Any site that allows visitors to create files in the root directory is a site asking for security trouble with a capital T.
try adding aol.com :)
Methinks Google need to start checking the content of the verification file ;)
Looks like this has been taken down - I got an "Our system has experienced a temporary problem." error trying to add a certain MS site (another "200 OK response to missing pages" casualty) ;)
Still, all quite amusing, and fortunate that the information displayed was of the unharmful variety.
How is this a "serious problem"? All you see are the top 5 keywords, some page statistics -- oooooooh PR distribution :-) - where's the big deal?

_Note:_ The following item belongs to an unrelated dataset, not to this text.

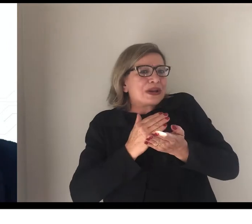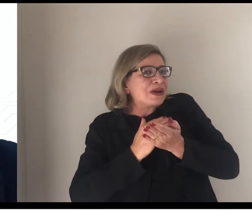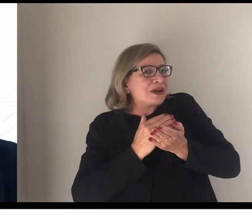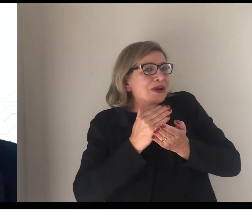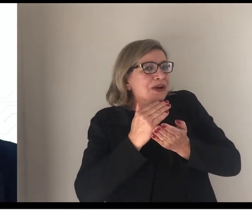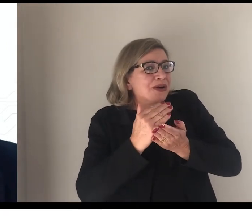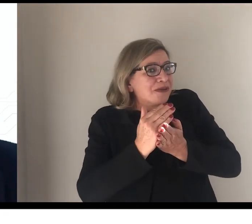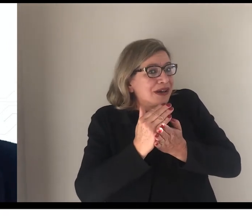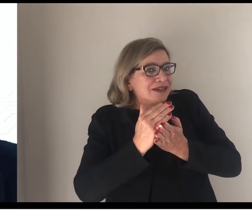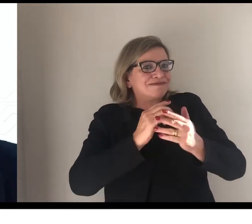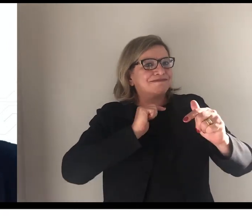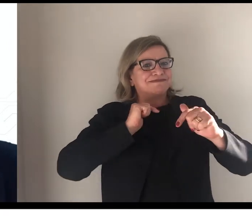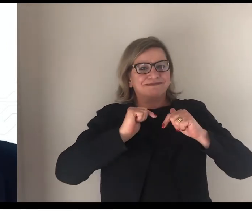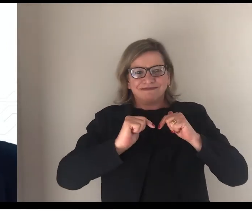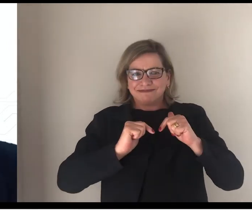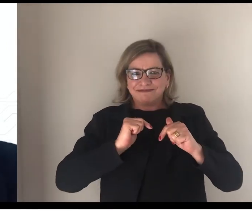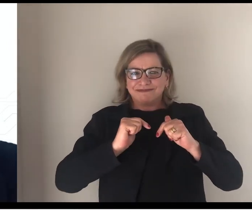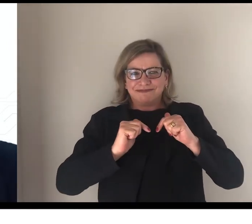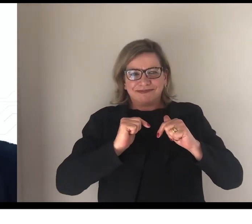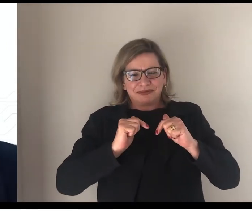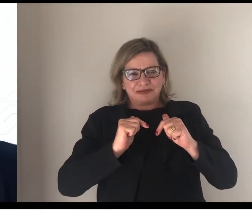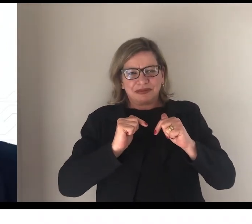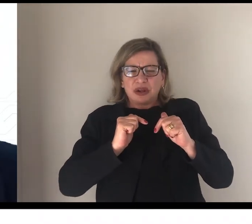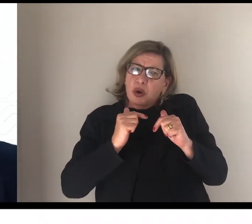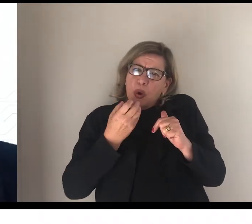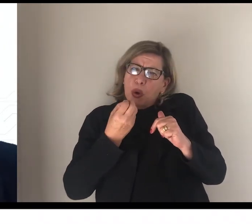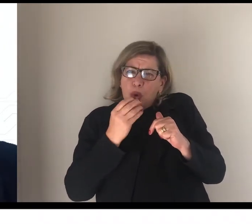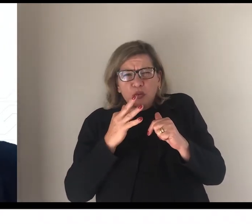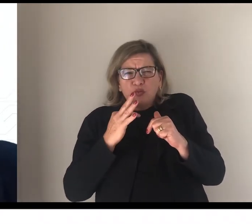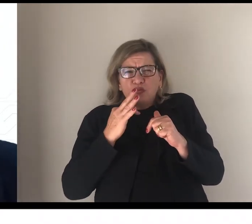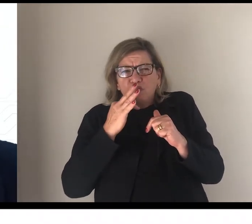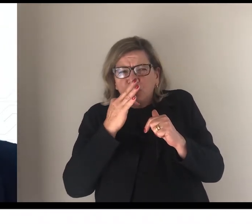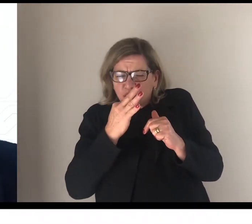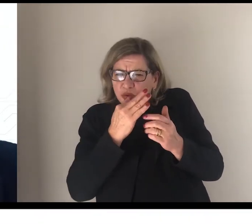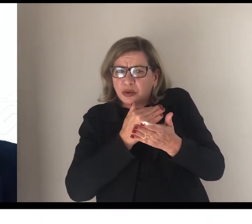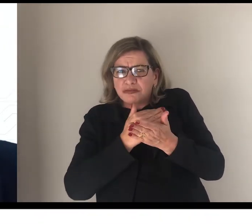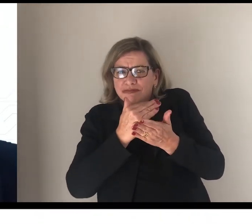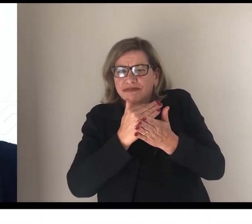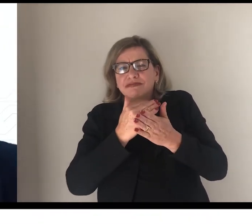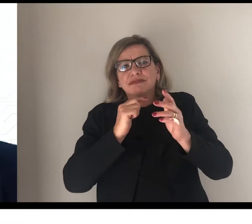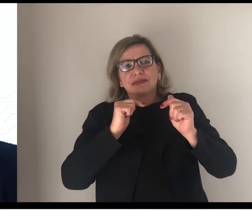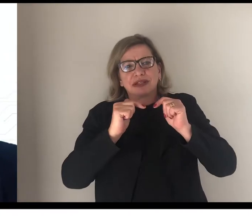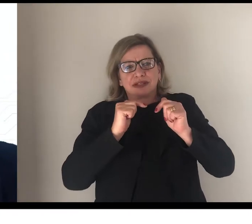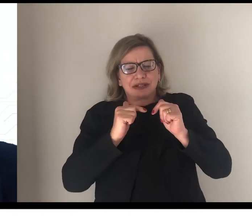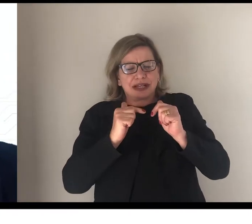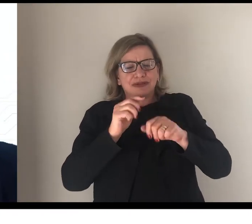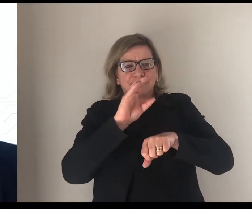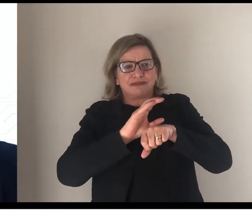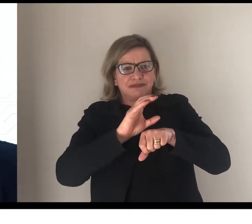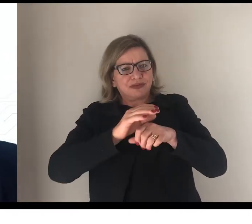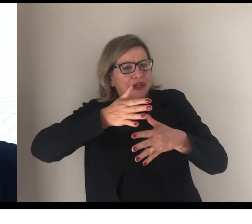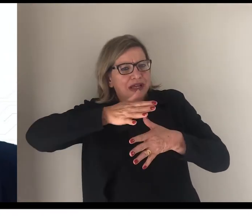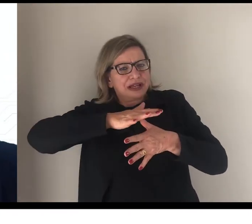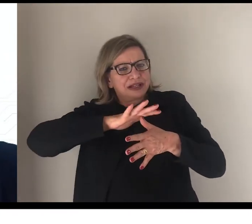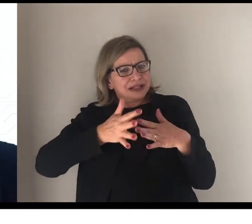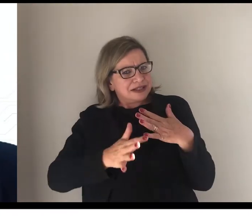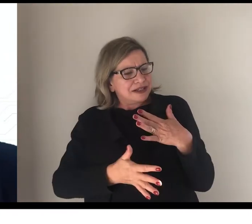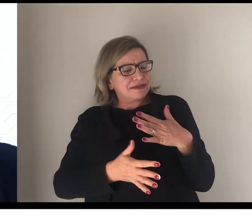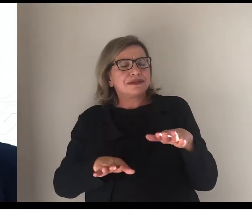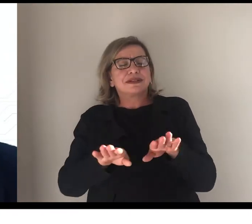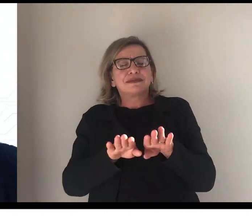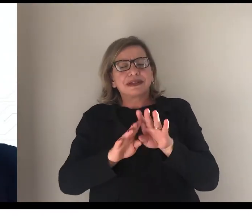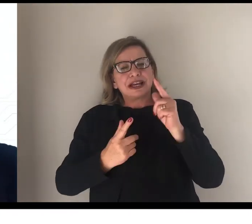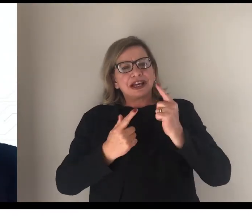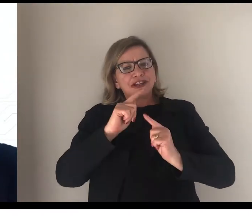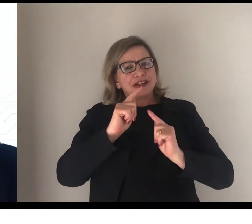aí as atividades, ou nos próximos dias, junto aos cursos de Libras, Gestão Pública

Also, keep in mind although Google setup the validation system to the way it is (you must create a specified file on your server), the remote server is the one saying that the validation-file exists when in fact it doesn't. Yes, Google will have to change the system a bit. They'll probably add the (previously included) check for valid 404-codes on non-existing pages to the non-sitemap-statistics signup. That means that these servers will NOT be able to get their Google statistics at all since they do NOT return the default 404 (or 403, 410) result codes for pages that do not exist.
So in the end, Google will go from letting everyone see the stats to letting nobody see the stats for those files. Yes, those statistics are neat, but they're not so private that they need to be kept under lock and key. That might change in the future of course :-)
What would be nice would be an alternative way of validating your site, perhaps even a requiered 2-way validation. I could imagine Google sending a mail to the registrant in the whois information (unless it's unknown :-)) or asking the webmaster to add a private meta-tag in the html-header to one of the files. There are probably even other ways.
[edited by: engine at 4:38 pm (utc) on Nov. 18, 2005]
[edit reason] TOS [/edit]
|Yes, those statistics are neat, but they're not so private that they need to be kept under lock and key. That might change in the future of course :-) |
They key comment there is the last line. Regardless of who's fault the incorrect response headers are, it's still not a very good validation of who owns a particular website.
And while the statistics aren't currently very comprehensive, would you want all and sundry viewing this information about your sites? I know I wouldn't.
Btw - you should remove the links to your own website in your post as they violate the TOS [webmasterworld.com].
You're right, they don't SHOW much YET. However, seeing how Google Sitemaps and Google Base are the first real two-way-interfaces between Joe-Webmaster and the search engines, who's to say that it will stop with statistics?
With a good validation / authentication system in place Google could add other things ... perhaps like a possibility of letting the webmaster change existing, indexed URLs (eg redirect bad URLs to the correct ones) or even allow him to directly remove single bad URLs (without the funny 180 day scheme now), perhaps allow the webmaster to specify other structured pieces of information (geographic targeting of URLs within a website, etc.). A good validation scheme, which any webmaster can comply with, is the first step to a good two-way communications between the two important parts of a good information retrieval system (clean, good indexing + good content). I wrote up some more about this on my blog, but I think I can't post the link (it's in my profile).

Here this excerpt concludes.